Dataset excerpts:
■ ■ ■ ■ ■ ■ ■

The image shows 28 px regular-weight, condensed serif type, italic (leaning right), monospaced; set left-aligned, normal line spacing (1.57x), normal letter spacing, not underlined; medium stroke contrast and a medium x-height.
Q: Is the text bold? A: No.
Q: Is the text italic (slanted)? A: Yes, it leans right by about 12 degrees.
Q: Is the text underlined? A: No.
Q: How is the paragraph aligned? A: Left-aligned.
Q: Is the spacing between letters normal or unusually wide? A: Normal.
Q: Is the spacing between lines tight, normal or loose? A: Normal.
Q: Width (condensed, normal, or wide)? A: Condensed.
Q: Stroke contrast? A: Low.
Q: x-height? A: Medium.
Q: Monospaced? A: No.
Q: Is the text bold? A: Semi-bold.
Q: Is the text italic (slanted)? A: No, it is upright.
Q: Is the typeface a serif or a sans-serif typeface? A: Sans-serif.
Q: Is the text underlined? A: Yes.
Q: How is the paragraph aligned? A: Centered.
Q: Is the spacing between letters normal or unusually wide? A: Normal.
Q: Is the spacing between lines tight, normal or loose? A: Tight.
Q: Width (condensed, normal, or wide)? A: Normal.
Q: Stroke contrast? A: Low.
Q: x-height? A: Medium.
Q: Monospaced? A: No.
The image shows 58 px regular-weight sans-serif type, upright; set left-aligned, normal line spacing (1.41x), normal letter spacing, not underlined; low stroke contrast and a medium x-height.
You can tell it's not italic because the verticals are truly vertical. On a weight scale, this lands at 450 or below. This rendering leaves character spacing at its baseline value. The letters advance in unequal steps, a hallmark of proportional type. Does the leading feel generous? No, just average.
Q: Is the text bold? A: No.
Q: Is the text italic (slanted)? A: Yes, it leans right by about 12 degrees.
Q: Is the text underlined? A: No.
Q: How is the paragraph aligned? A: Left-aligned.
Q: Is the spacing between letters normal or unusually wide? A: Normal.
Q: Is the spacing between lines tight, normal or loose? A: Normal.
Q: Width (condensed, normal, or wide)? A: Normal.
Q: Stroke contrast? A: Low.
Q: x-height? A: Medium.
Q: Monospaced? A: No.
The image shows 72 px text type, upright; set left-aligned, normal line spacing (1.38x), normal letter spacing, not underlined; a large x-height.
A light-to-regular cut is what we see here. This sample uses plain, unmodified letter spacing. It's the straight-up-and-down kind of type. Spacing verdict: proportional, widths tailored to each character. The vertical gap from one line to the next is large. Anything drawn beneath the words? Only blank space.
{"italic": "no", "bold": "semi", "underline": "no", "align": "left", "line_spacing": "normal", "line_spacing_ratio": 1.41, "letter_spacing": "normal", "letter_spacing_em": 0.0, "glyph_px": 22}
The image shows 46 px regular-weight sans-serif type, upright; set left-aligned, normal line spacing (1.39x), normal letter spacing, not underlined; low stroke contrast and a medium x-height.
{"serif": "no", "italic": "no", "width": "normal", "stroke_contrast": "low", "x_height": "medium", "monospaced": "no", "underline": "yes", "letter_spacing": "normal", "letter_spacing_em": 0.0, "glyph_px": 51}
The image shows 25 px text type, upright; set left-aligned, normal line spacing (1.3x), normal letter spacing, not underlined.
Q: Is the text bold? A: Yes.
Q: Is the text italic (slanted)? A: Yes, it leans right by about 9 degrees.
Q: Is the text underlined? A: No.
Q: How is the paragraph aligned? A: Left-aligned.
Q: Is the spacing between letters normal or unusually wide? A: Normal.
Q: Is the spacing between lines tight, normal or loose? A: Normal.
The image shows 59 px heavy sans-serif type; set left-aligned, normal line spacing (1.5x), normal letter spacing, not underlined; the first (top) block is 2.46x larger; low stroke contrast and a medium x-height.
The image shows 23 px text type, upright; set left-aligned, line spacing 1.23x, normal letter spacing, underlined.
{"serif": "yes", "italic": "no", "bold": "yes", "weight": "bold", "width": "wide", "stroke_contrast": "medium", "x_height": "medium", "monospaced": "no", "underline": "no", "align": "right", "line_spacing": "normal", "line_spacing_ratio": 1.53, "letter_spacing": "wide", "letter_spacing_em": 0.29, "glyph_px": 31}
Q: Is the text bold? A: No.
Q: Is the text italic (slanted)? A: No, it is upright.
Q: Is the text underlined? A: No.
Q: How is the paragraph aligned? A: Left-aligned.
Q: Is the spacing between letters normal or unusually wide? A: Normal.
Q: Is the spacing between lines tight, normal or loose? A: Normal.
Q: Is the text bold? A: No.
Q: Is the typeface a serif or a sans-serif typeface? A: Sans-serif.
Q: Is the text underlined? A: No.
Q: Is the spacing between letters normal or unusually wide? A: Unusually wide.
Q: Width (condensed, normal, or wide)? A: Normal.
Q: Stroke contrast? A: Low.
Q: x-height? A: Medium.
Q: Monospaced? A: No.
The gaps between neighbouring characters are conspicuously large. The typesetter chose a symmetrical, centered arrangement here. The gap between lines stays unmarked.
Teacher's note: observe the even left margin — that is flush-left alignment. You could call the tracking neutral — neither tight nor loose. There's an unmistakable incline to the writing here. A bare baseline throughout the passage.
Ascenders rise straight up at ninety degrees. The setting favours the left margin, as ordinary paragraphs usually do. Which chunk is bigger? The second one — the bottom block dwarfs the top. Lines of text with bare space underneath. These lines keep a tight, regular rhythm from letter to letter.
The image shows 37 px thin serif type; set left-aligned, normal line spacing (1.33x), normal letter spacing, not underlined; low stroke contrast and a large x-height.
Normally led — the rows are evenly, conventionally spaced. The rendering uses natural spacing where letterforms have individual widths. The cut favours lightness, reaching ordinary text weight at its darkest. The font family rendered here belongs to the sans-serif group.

■ ■ ■ ■ ■ ■ ■

**ABOUT THIS TASK**
Whenever the string "here" turns up in a line of the data, copy that line.

**RESPONSE AREA**
A light-to-regular cut is what we see here. This sample uses plain, unmodified letter spacing. It's the straight-up-and-down kind of type. Spacing verdict: proportional, widths tailored to each character. The vertical gap from one line to the next is large. Anything drawn beneath the words? Only blank space.
The gaps between neighbouring characters are conspicuously large. The typesetter chose a symmetrical, centered arrangement here. The gap between lines stays unmarked.
Teacher's note: observe the even left margin — that is flush-left alignment. You could call the tracking neutral — neither tight nor loose. There's an unmistakable incline to the writing here. A bare baseline throughout the passage.
Normally led — the rows are evenly, conventionally spaced. The rendering uses natural spacing where letterforms have individual widths. The cut favours lightness, reaching ordinary text weight at its darkest. The font family rendered here belongs to the sans-serif group.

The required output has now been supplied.